The Fundamentals of Merge
At this point, you might be thinking that a full join is going to be a rather arcane endeavor. But the following example highlights that a full join using merge can be quite simple if we’re only trying to perform an equally simple operation.
jupitersMoons <- data.frame(
moonName = c(“Io”, “Europa”, “Ganymede”, “Callisto”),
moonDistance = c(421000, 671000, 1070000, 1880000)
)
marsMoons <- data.frame(
moonName = c(“Phobos”, “Deimos”),
moonDistance = c(9378, 23463)
)
mergedFrame <- merge(jupitersMoons, marsMoons, all = TRUE)
print(mergedFrame)
We begin creating two data frames – jupitersMoons and marsMoons. These two data frames contain the names of each moon and their distance from the parent planet. This is about as compatible as anyone could hope for since we’re using the same concepts and the same names. And this allows us to see the realization of a previously discussed concept. The simpler the data management job the simpler the code. So even though merge supports a vast number of arguments, we only need three. And this process begins by declaring a new variable called mergedFrame. This will of course hold the newly merged frame once our operation has been completed.
Next, we make the actual call to merge. The first two arguments are just the names of our data frames. We follow that up with “all = TRUE”. This is where we really define the nature of our merge as a full join. When we pass this argument we’re essentially saying to just use everything from both data frames. And when everything is fully compatible, as it is in this example, we receive a perfectly formatted data frame that contains everything from its parent frames.
Taking the Full Join to the Next Level
Keep in mind that R typically scales to our needs.
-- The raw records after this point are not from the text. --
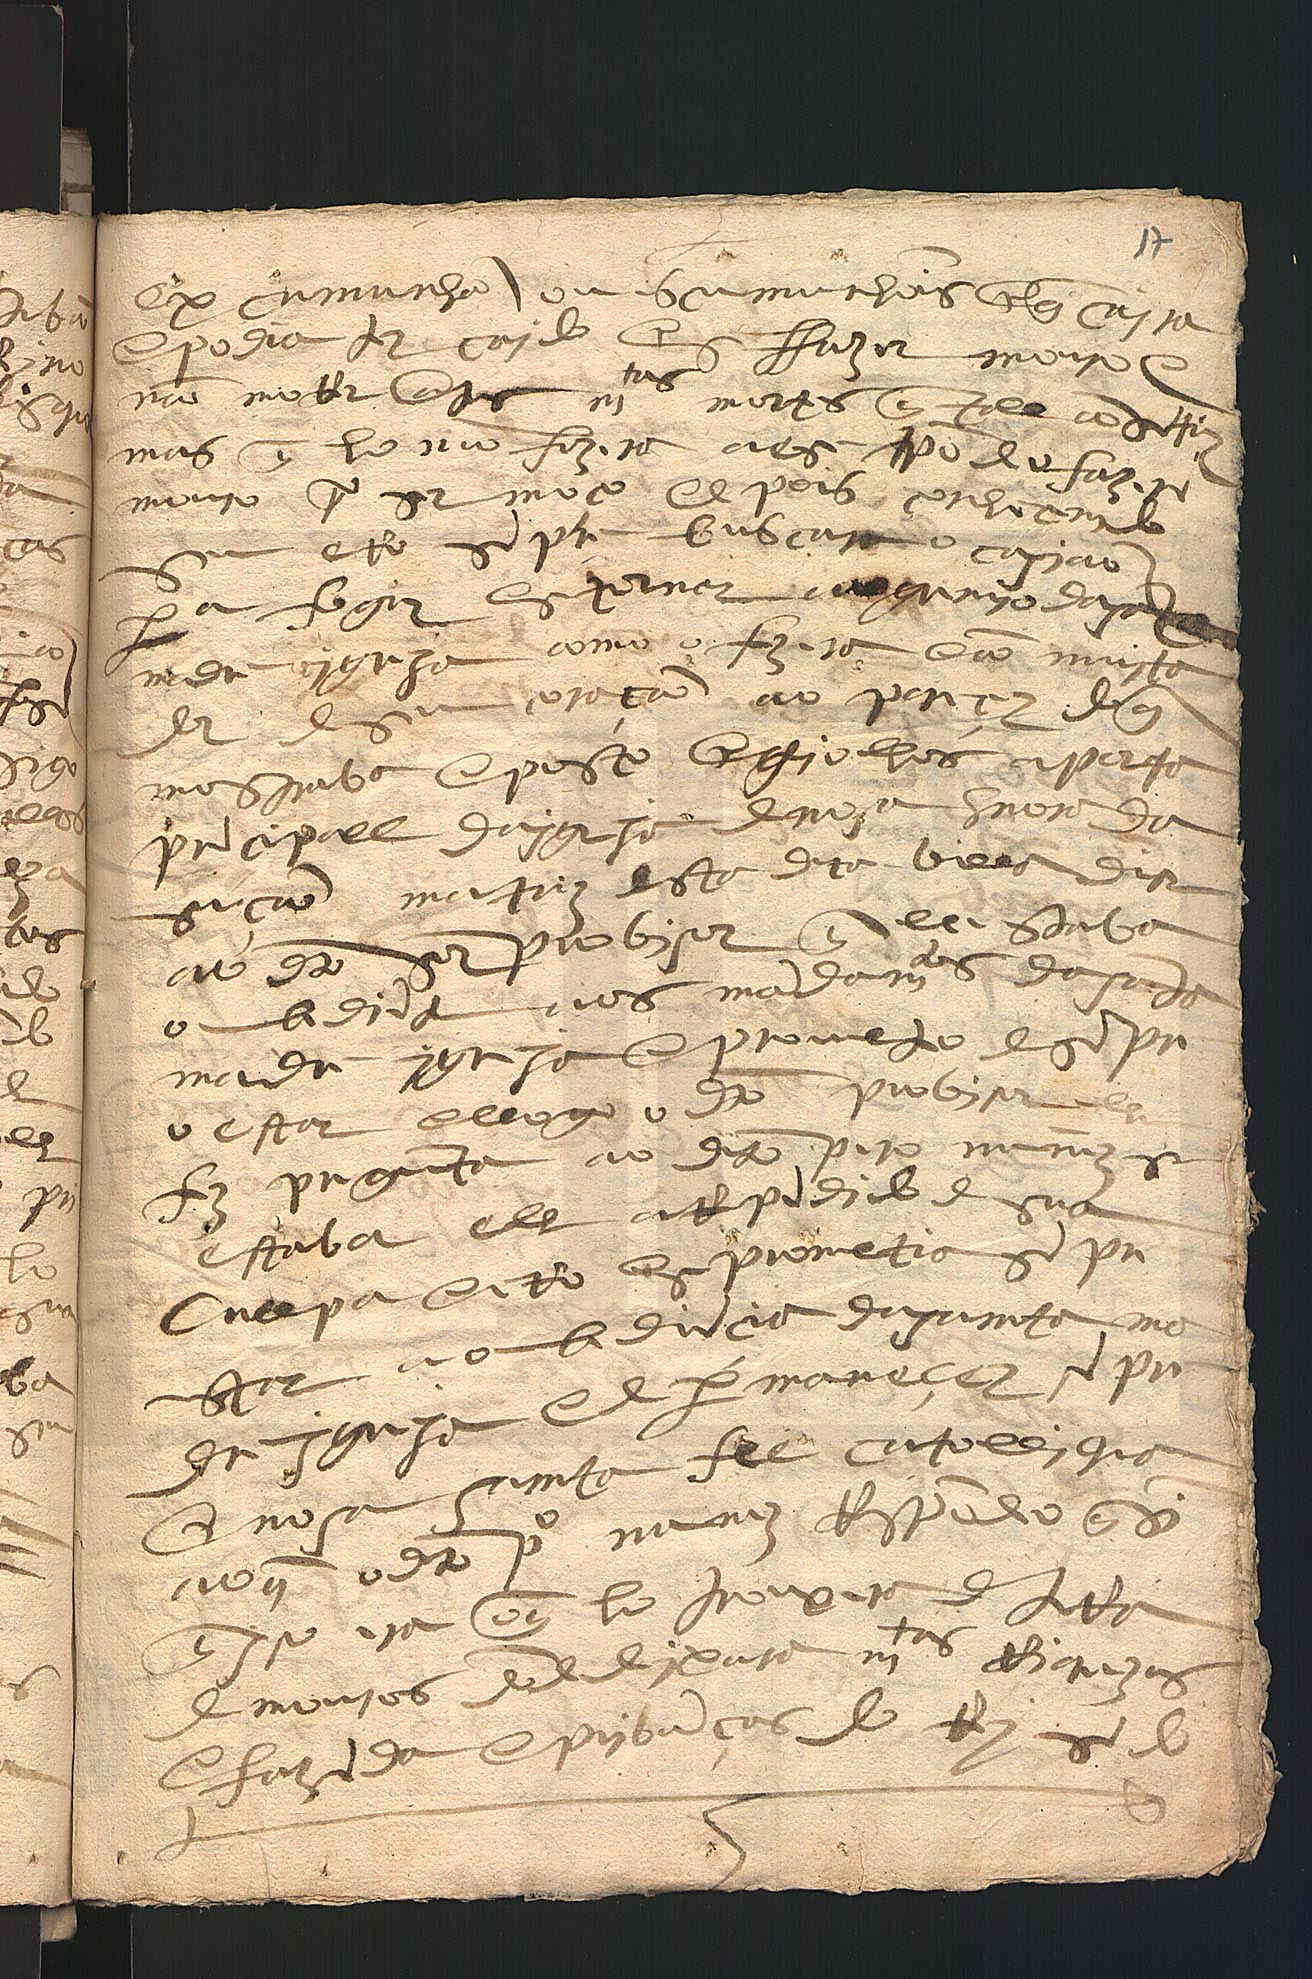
excumunhaõ ou escumunhõis ē q̄ cajra
e podia ter cajdo e se ffazer mouro e
não moRer ātes mtas mortes q̄ tall cōsētir
mas q̄ ho naõ fezera a ese tpō de o fazerē
mouro p̄o ser moço e depois conhecemdo
seu eRo sēpre buscara ocasiaõ
ꝑa fogir e se tornar ao gremjo da sāta
madre igreJa como o fezera e c̄o mujta
dor de seu coração ao parecer do q̄
mostrava e posto ē giolhos a porta
prīcipall da jgreJa de nosa Snora da
sunção matriz desta dita villa dise
ao dt̄o s̄or provjsor q̄ elle estava
obediēte aos mādamtos da sāta
madre jgreJa e prometeo de sēpre
o estar e llogo o dt̄o provjsor lhe
fez pregūta ao dito pero nun̄ez se
estava elle aRepēdido de sua
Cullpa e eRo e se prometia sēpre
estar a obediēcia da samta ma
dre JgreJa e de ꝑmanecer sēpre
ē nosa samta fee catolljqua
ao q̄ o dito po nunez Respōdeo q̄ sī
q̄ jso era o q̄ ho trouxera de teRa
de mouros dōde dejxara mtas Riquezas
e fazēda e privāças do Rej sēdo
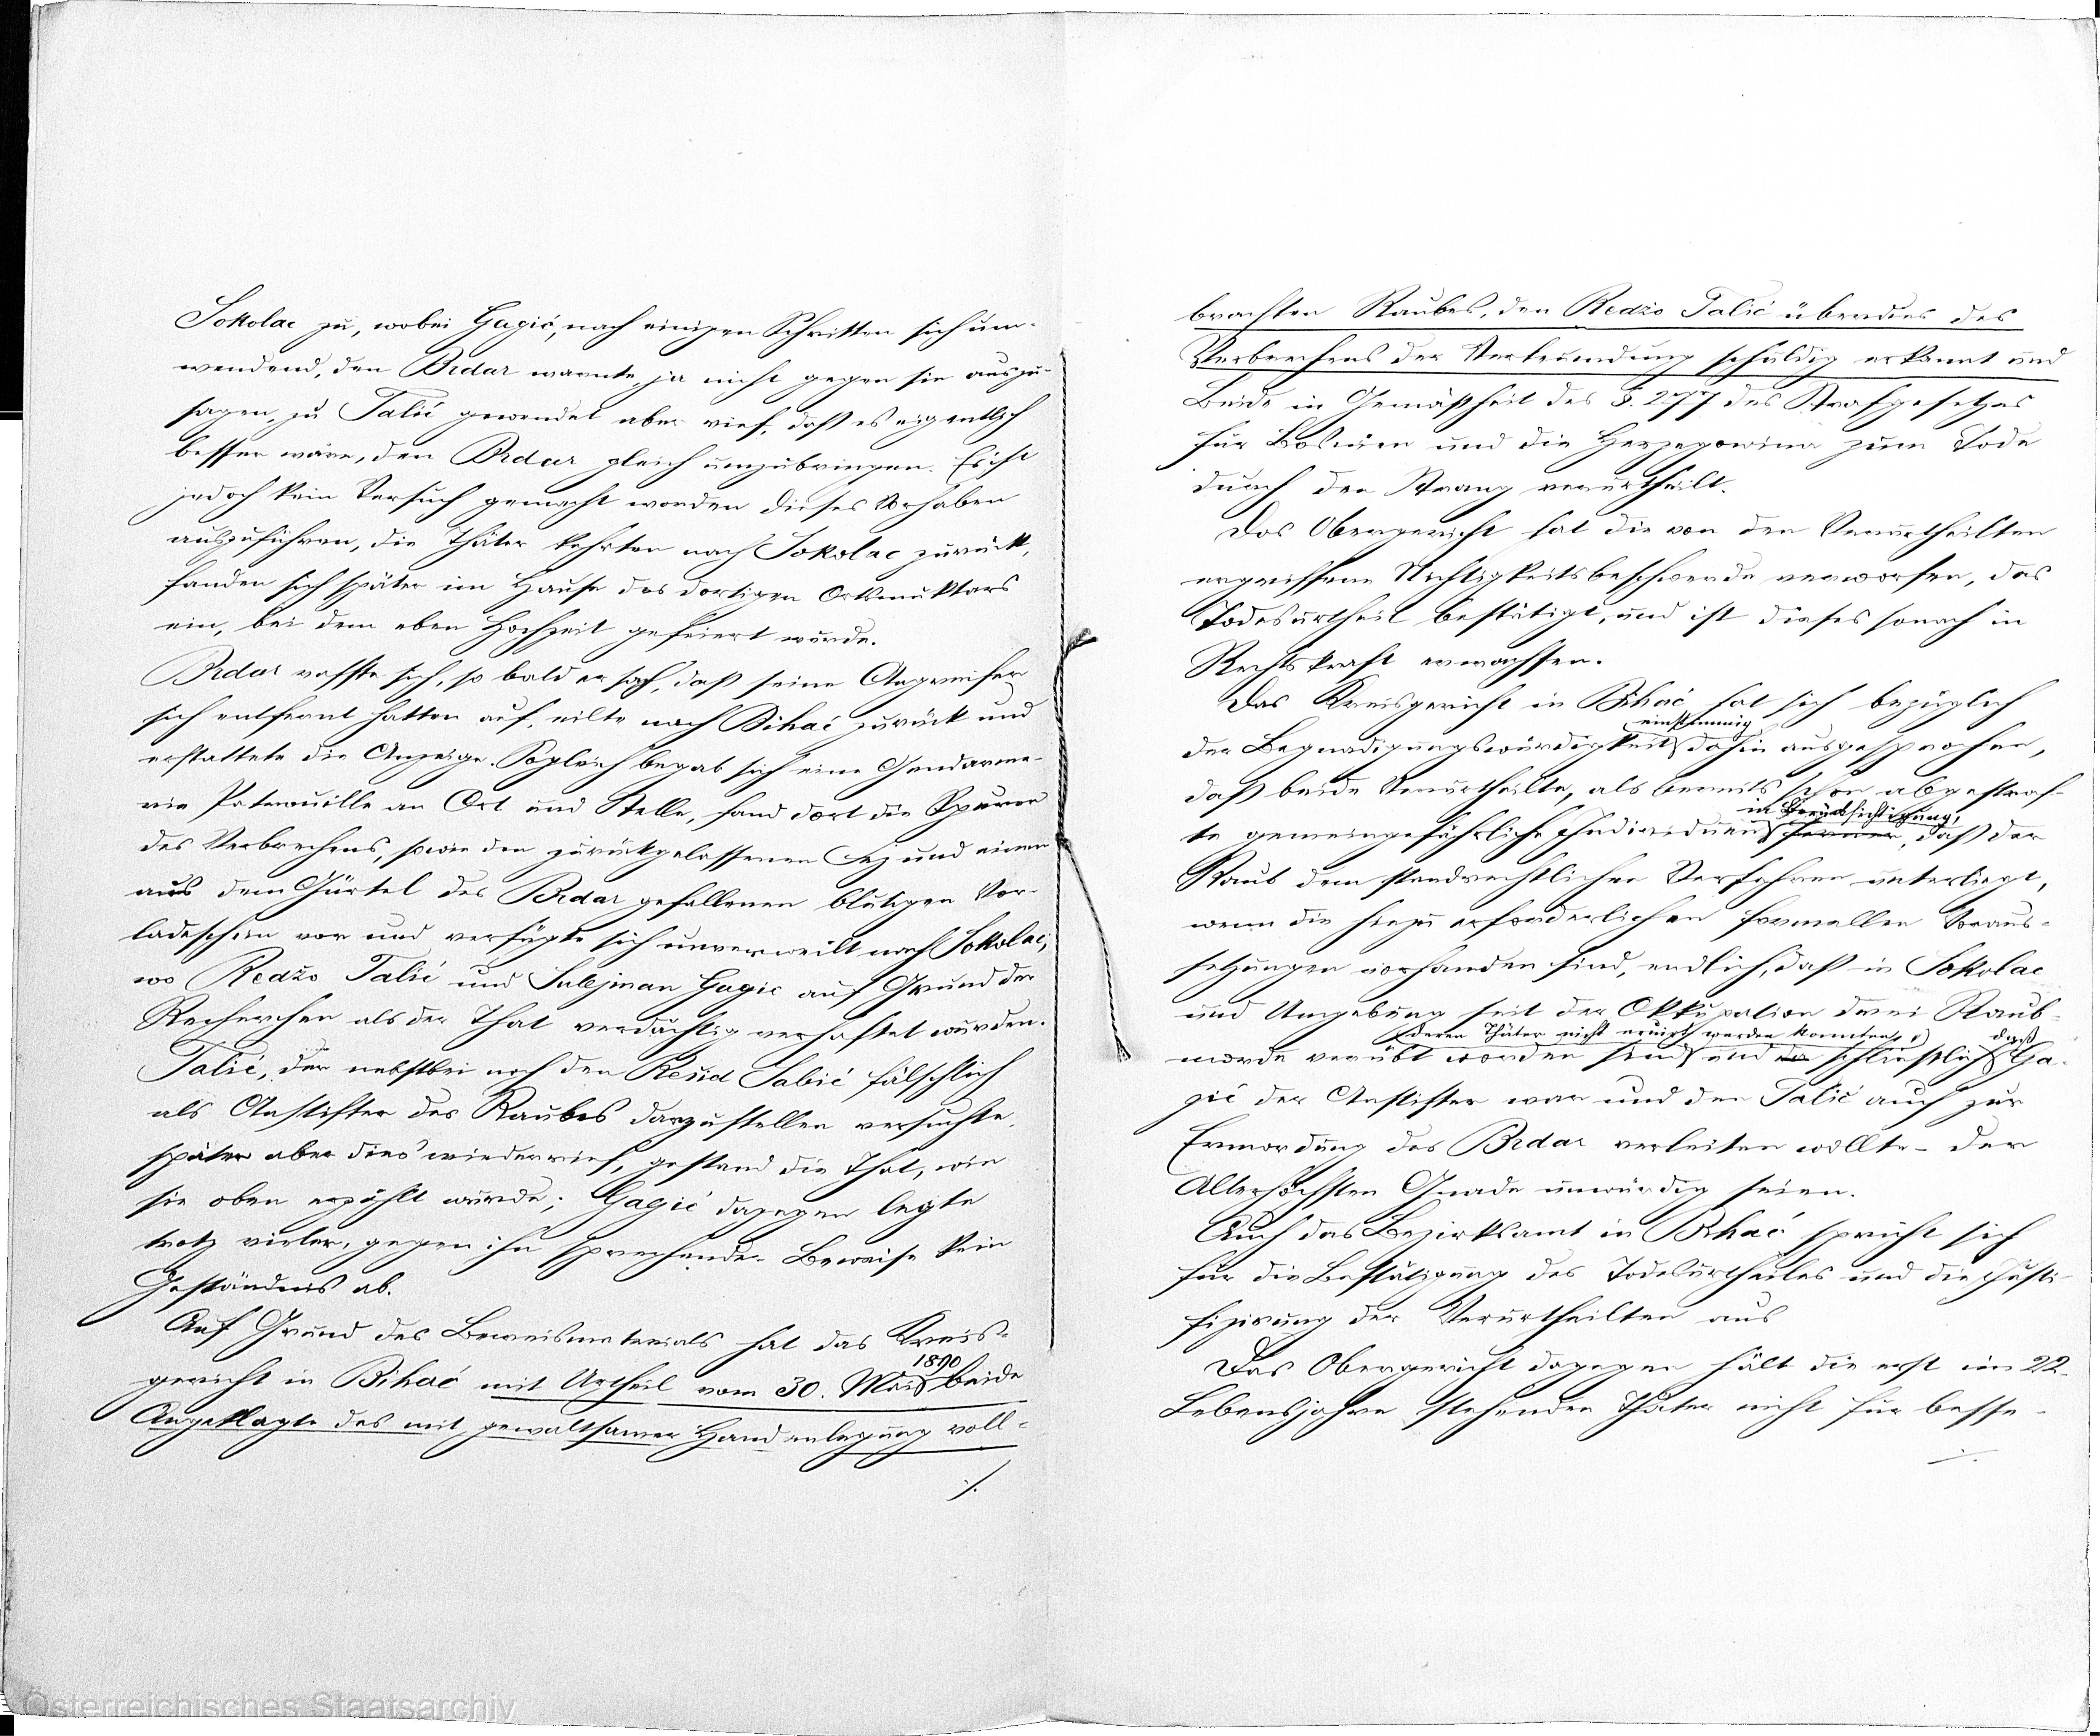Sokolac zu, wobei Hagić, nach einigen Schritten sich um¬
wendend, den Brdar warnte, ja nicht gegen sie auszu¬
sagen, zu Talić gewendet aber vieh, daß es eigentlich
besser meine, den Brdar gleich umzubringen. Es ist
jedoch kein Versuch gewacht worden dieses Vorhaben
auszuführen, die Thäter kehrten nach Sokolac zurück,
fanden sich später im Hause des dortigen Ortmuktars
ein, bei dem eben Hochzeit gefeiert wurde.
Brdar vaxxte sich, so bald er sah, daß seine Angreifer
sich entfernt hatten auf, eilte nach Bihać zurück und
erstattete die Anzeige. Pogleich begab sich eine Gendarme¬
rie Patrouille an Ort und Stelle, fand Dort die Spuren
des Verbrechens, sowie den zurückgelassenen Fez und einen
aus dem Gürtel des Brdar gefallenen blutigen Vor¬
ladschein vor und verfügte sich unverweilt nach Sokolac,
wo Redžo Talić und Sulejman Gogic auf Grund der
Recherchen als der That verdächtig verhaftet wurden.
Talić, der nebstbei noch den Rešid Sabić fälschlich
als Anstifter des Raubes darzustellen versuchte
später aber dies wiederrief, gestand die That, wie
sie oben erzählt wurde; Gagić dagegen legte
trotz vieler, gegen ihn sprechende. Beweise kein
Geständnis ab.
Auf Grund des Beweismaterials hat das Kreis¬
1890
gericht in Bihać mit Urtheil vom 30. Mai beide
Angeklagte des mit gewaltsamer Handanlegung voll¬
brachten Raubes, den Redžo Talić überdies des
Verbrechens der Verleumdung schuldig erkannt und
Beide in Gemäßheit des §. 277 des Strafgesetzes
für Boswien und die Herzegowina zum Tode
durch den Strang verurtheilt.
Das Obergericht hat die von den Verurtheilten
ergriffene Nichtigkeitsbeschwerde verworfen, das
Todesurtheil bestätigt, und ist dieses sonach in
Rechtskraft erwachsen.
Das Kreisgericht in Bihać hat sich bezüglich
einstimmig
der Benadigungswürdigkeit dahin ausgesprochen,
daß beide Verurtheilte, als bereits schon abgestraf¬
in Berücksichtigung
te gemeingefährliche Individuen, daß der
Taub dem standrechtlicher Verfahren unterliegt,
wenn die hiezu erforderlichen formellen Voraus¬
setzungen vorhanden sind, endlich, daß in Sokolac
und Umgebung seit der Okkupation drei Raub¬
deren Thäter nicht eruirt werden konnten
daß
morde verübt von den und schließlich Ga¬
gić der Anstifter war und den Talić auch zur
Ermordung des Brdar verleiten wollte-der
Allerhöchsten Gnade unwürdig seien.
Auch das Bezirksamt in Bhać spricht sich
für die Bestätigung des Todesurtheiles und die Justi¬
fizirung der Verutheilten aus
Das Obergericht dagegen hält die erst im 22
Lebensjahre stehenden Thäter nicht für besse-

So that simple example had an equally simple syntax. But what if we had a slightly more difficult scenario? Say, we wanted to perform a full join using the provided data while leaving it open to calculate the distance from one planet’s moon to the other planet’s orbit. We could do so by explicitly targeting the moonName for our key. Take a look at the following code to see that idea in action.
jupitersMoons <- data.frame(
moonName = c(“Io”, “Europa”, “Ganymede”, “Callisto”),
moonDistance = c(421000, 671000, 1070000, 1880000)
)
marsMoons <- data.frame(
moonName = c(“Phobos”, “Deimos”),
moonDistance = c(9378, 23463)
)
mergedFrame <- merge(jupitersMoons, marsMoons, by = “moonName”, all = TRUE)
print(mergedFrame)
This time around when we call merge we’re also passing a “by” argument. And this changes things in more ways than you might expect. The most important point is that we’re now specifically focusing on the moonName column. You can think of it as hyper-focusing on that one element instead of the whole. And because of that fact we now have a moonDistance.x and moonDistance.y column. A merge will generally create new columns when there’s an overlap of names within the two data frames. This allows us the extra space we need to add in future distance calculations. But the naming conventions don’t really give us a very good idea of what we’re looking at. We can fix that by placing the following line directly below the assignment of mergedFrame.
names(mergedFrame) <- c(“moonName”, “moonDistanceJupiter”, “moonDistanceMars”)
The names function can change or set the names of objects and their various inherited properties. In this case, we’re altering the moonName columns into a more descriptive form. It’s generally best to put as much care into your new data frame structure as possible when performing a join. You don’t have to micromanage every detail. But just providing a key for the join can help you create more predictable results. However, as we’ve seen, R can also handle a lot on its own even when we don’t specify a key.